Each record below must be reproduced exactly as it reads, with its images omitted.

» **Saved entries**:
___

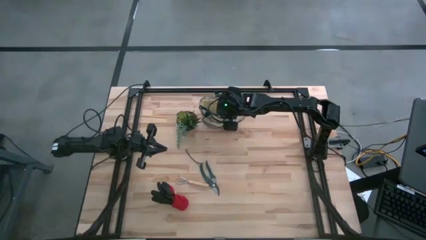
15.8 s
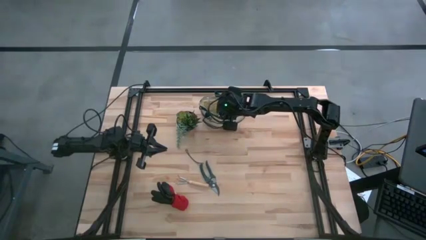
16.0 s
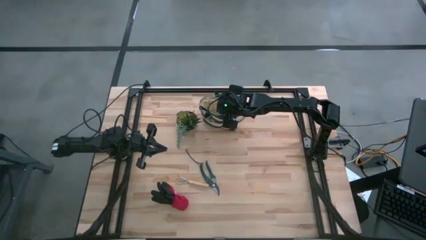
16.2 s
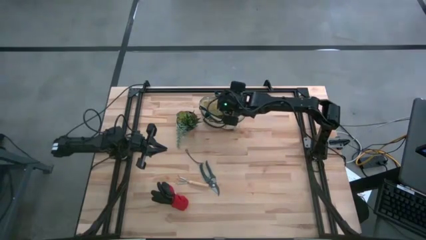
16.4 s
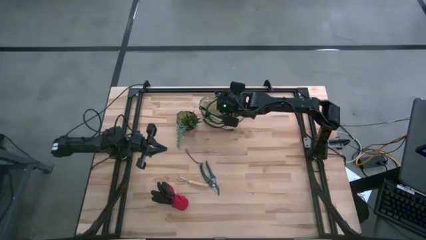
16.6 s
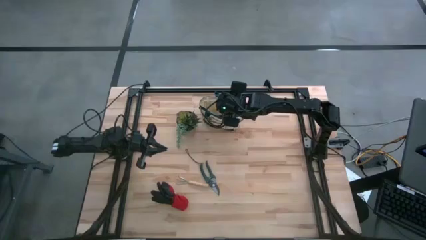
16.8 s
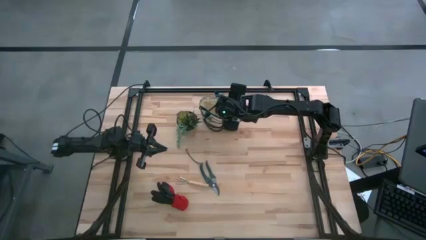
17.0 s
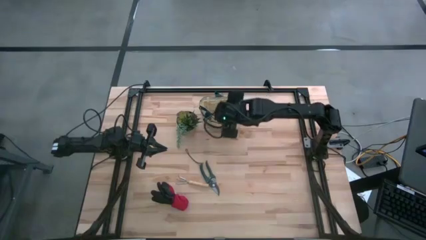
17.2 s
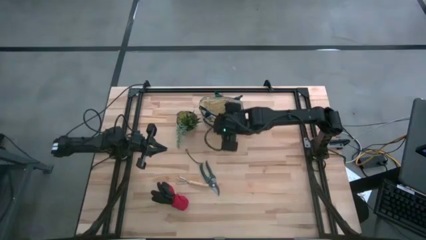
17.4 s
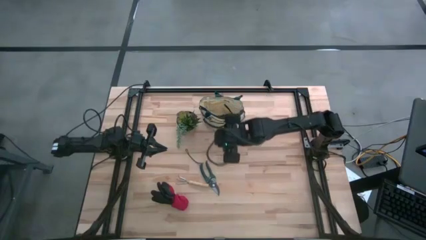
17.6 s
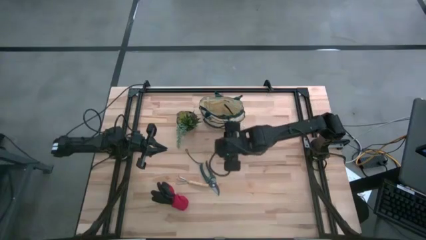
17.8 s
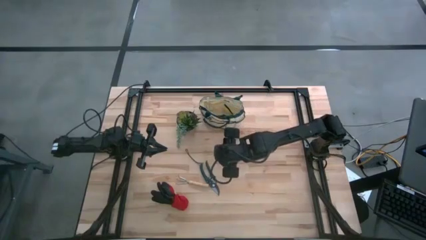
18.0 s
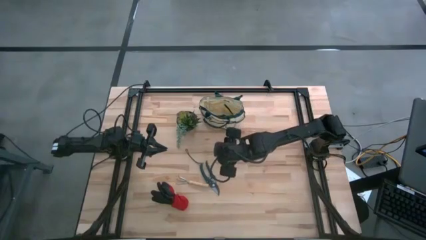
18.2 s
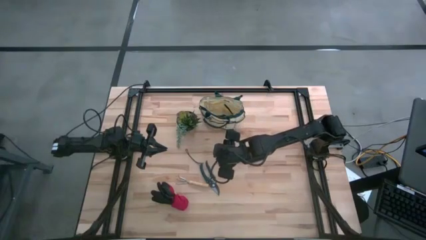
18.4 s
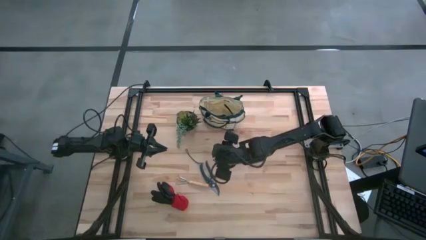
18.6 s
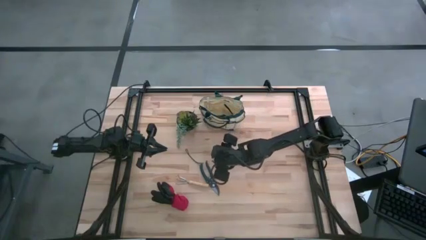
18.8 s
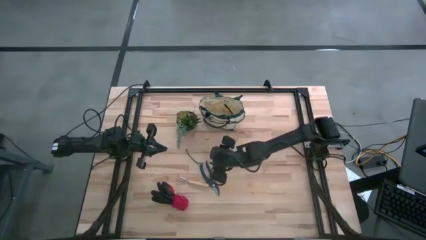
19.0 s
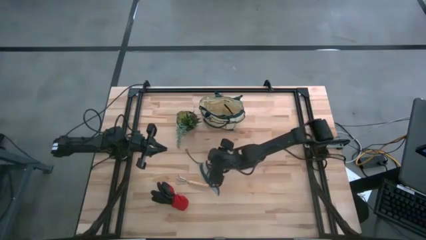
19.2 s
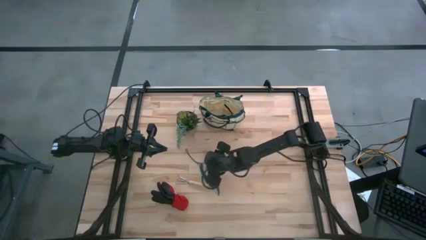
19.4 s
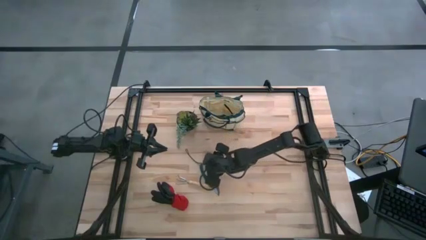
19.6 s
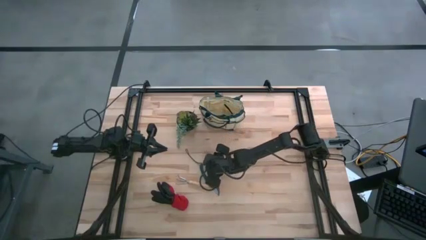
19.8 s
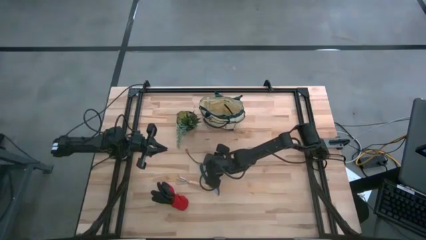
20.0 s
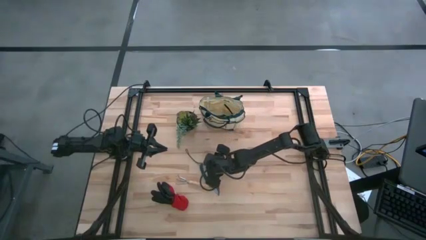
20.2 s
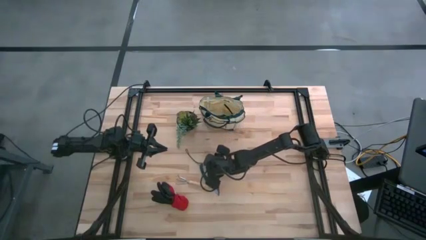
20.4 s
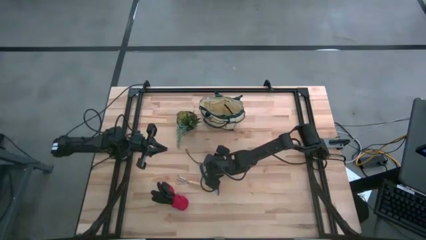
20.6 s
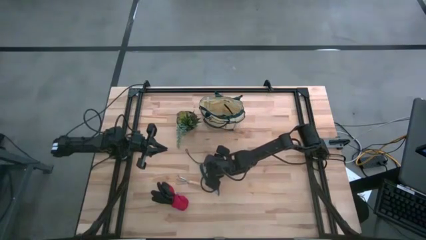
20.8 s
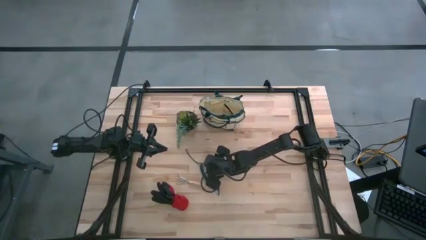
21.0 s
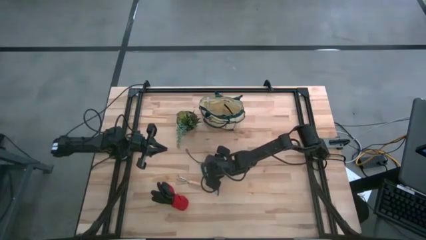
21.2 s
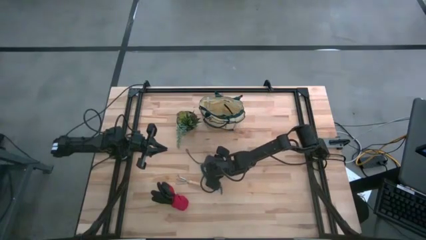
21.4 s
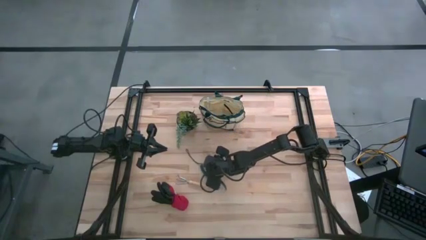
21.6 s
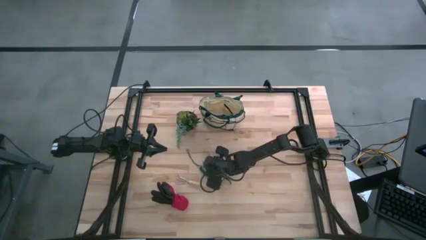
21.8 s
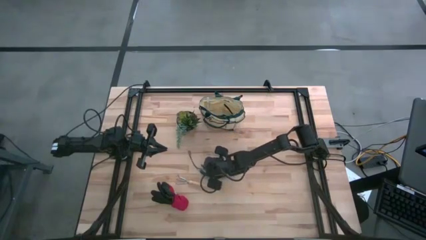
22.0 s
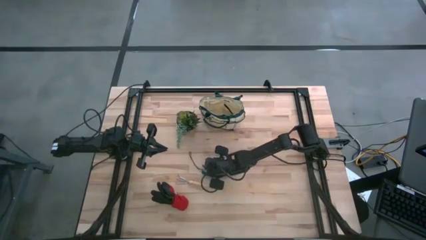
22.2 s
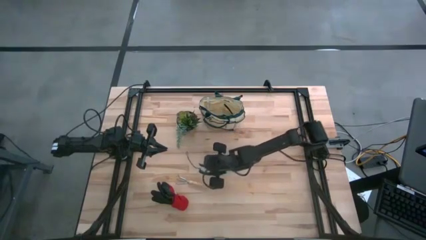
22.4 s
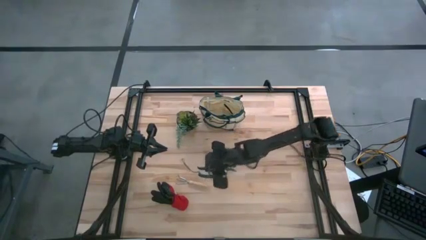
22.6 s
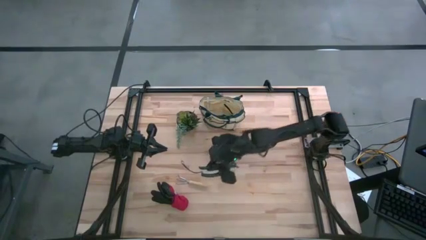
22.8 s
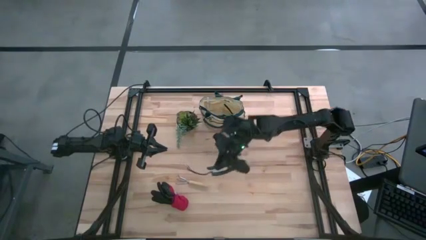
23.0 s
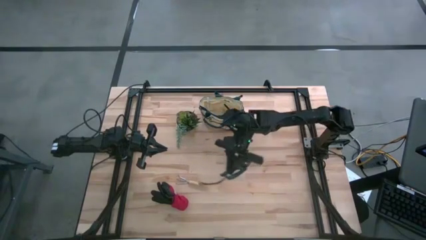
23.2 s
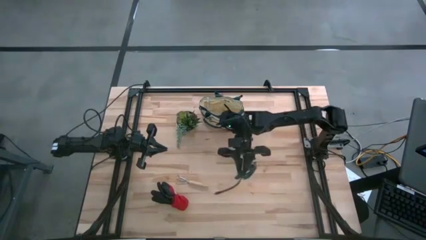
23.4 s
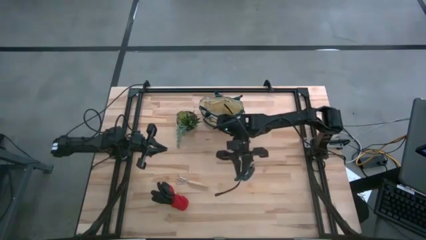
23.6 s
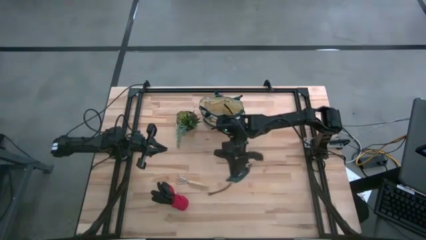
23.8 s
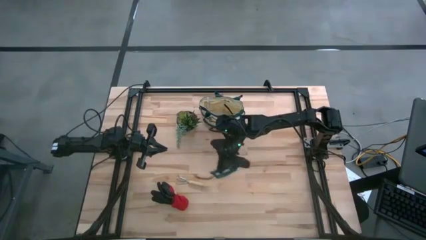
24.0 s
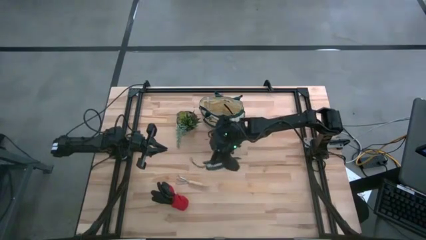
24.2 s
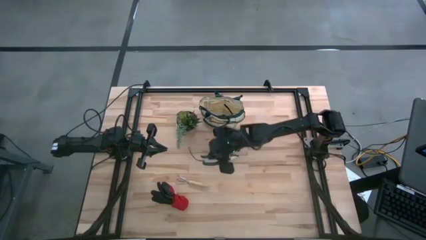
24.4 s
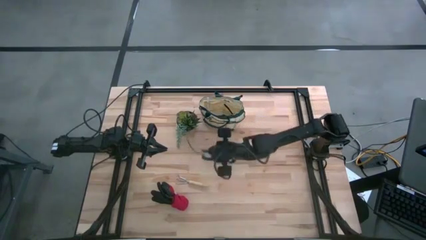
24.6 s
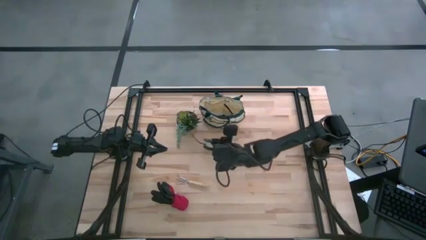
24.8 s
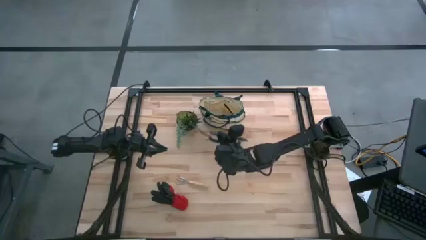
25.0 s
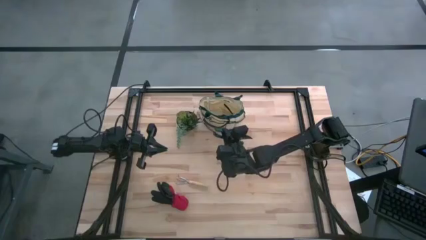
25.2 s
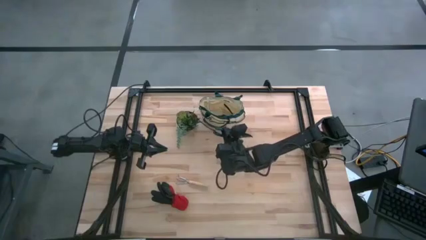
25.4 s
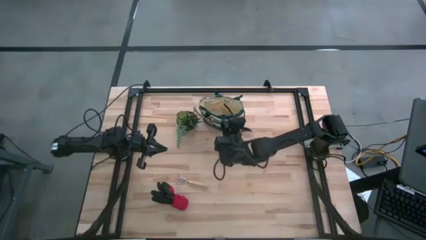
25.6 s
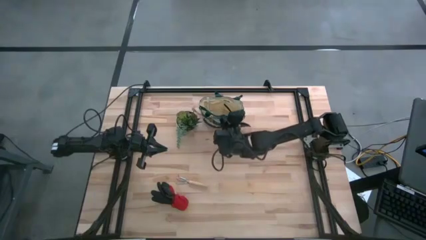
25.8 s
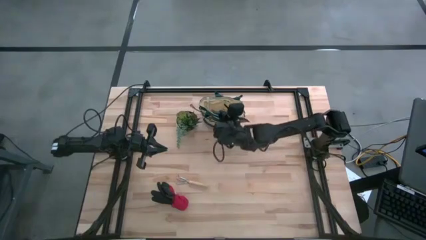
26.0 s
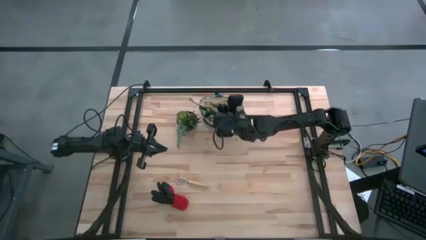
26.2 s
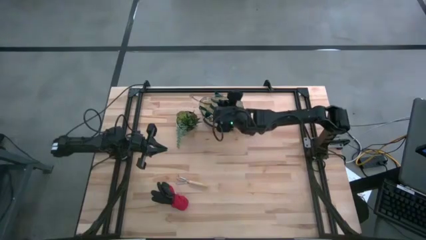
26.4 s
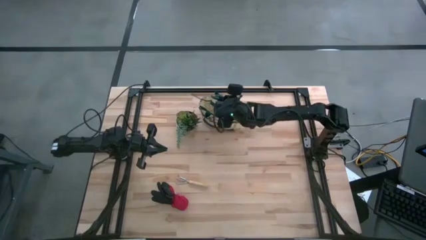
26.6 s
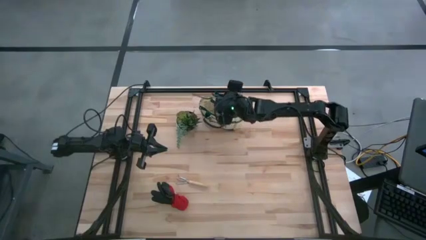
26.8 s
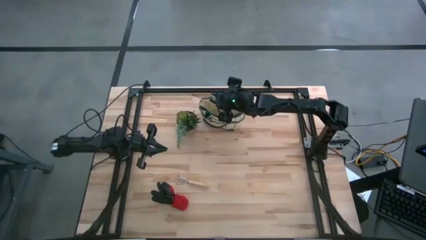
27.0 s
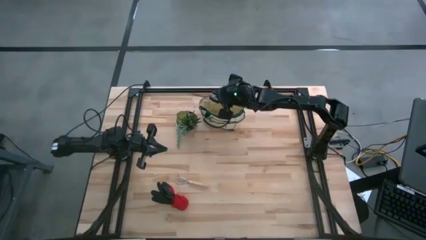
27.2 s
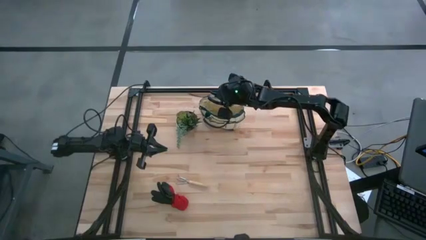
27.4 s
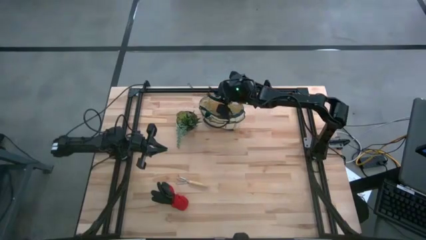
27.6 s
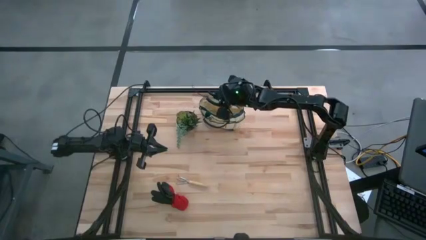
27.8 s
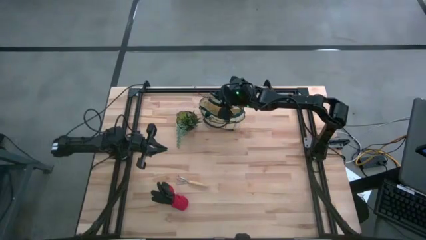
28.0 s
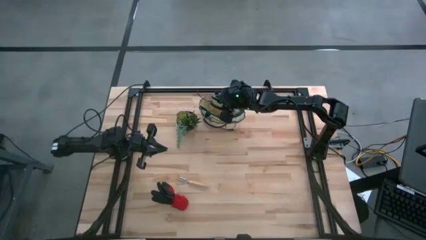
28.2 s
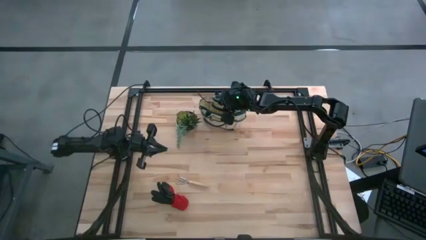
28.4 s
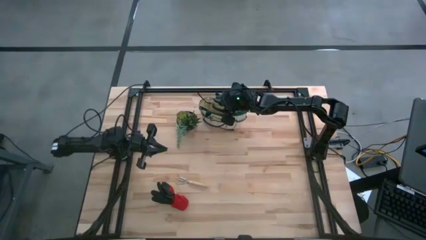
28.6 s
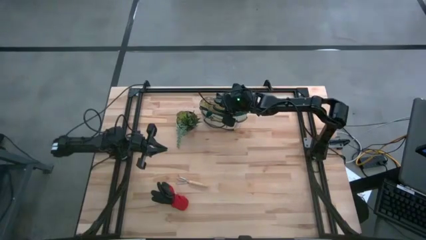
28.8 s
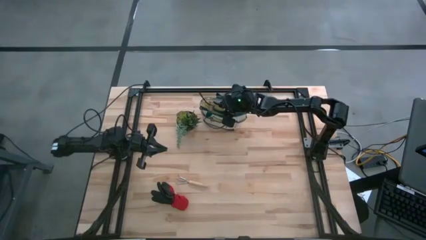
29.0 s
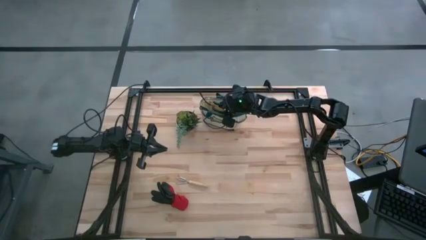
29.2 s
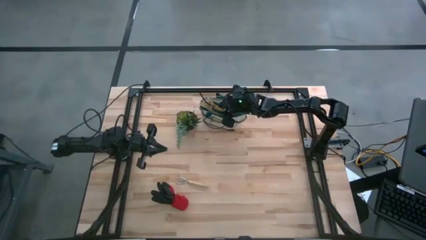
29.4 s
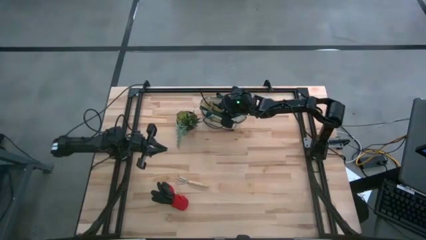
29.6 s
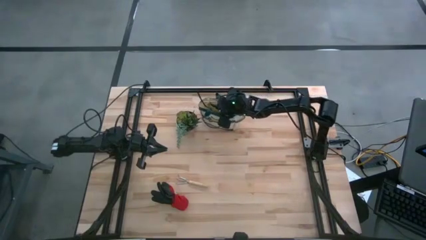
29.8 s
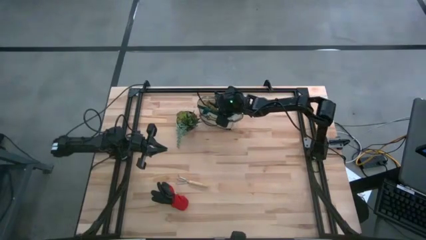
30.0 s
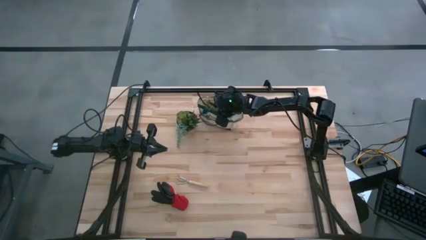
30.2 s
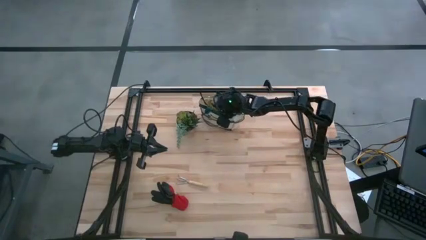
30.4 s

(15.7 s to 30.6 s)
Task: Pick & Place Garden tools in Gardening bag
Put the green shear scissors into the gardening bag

___

» **SOLUTION BELOW**:
15.8 s
16.0 s
16.2 s
16.4 s
16.6 s
16.8 s
17.0 s
17.2 s
17.4 s
17.6 s
17.8 s
18.0 s
18.2 s
18.4 s
18.6 s
18.8 s
19.0 s
19.2 s
19.4 s
19.6 s
19.8 s
20.0 s
20.2 s
20.4 s
20.6 s
20.8 s
21.0 s
21.2 s
21.4 s
21.6 s
21.8 s
22.0 s
22.2 s
22.4 s
22.6 s
22.8 s
23.0 s
23.2 s
23.4 s
23.6 s
23.8 s
24.0 s
24.2 s
24.4 s
24.6 s
24.8 s
25.0 s
25.2 s
25.4 s
25.6 s
25.8 s
26.0 s
26.2 s
26.4 s
26.6 s
26.8 s
27.0 s
27.2 s
27.4 s
27.6 s
27.8 s
28.0 s
28.2 s
28.4 s
28.6 s
28.8 s
29.0 s
29.2 s
29.4 s
29.6 s
29.8 s
30.0 s
30.2 s
30.4 s

(15.7 s to 30.6 s)
Task: Pick & Place Garden tools in Gardening bag
Put the green shear scissors into the gardening bag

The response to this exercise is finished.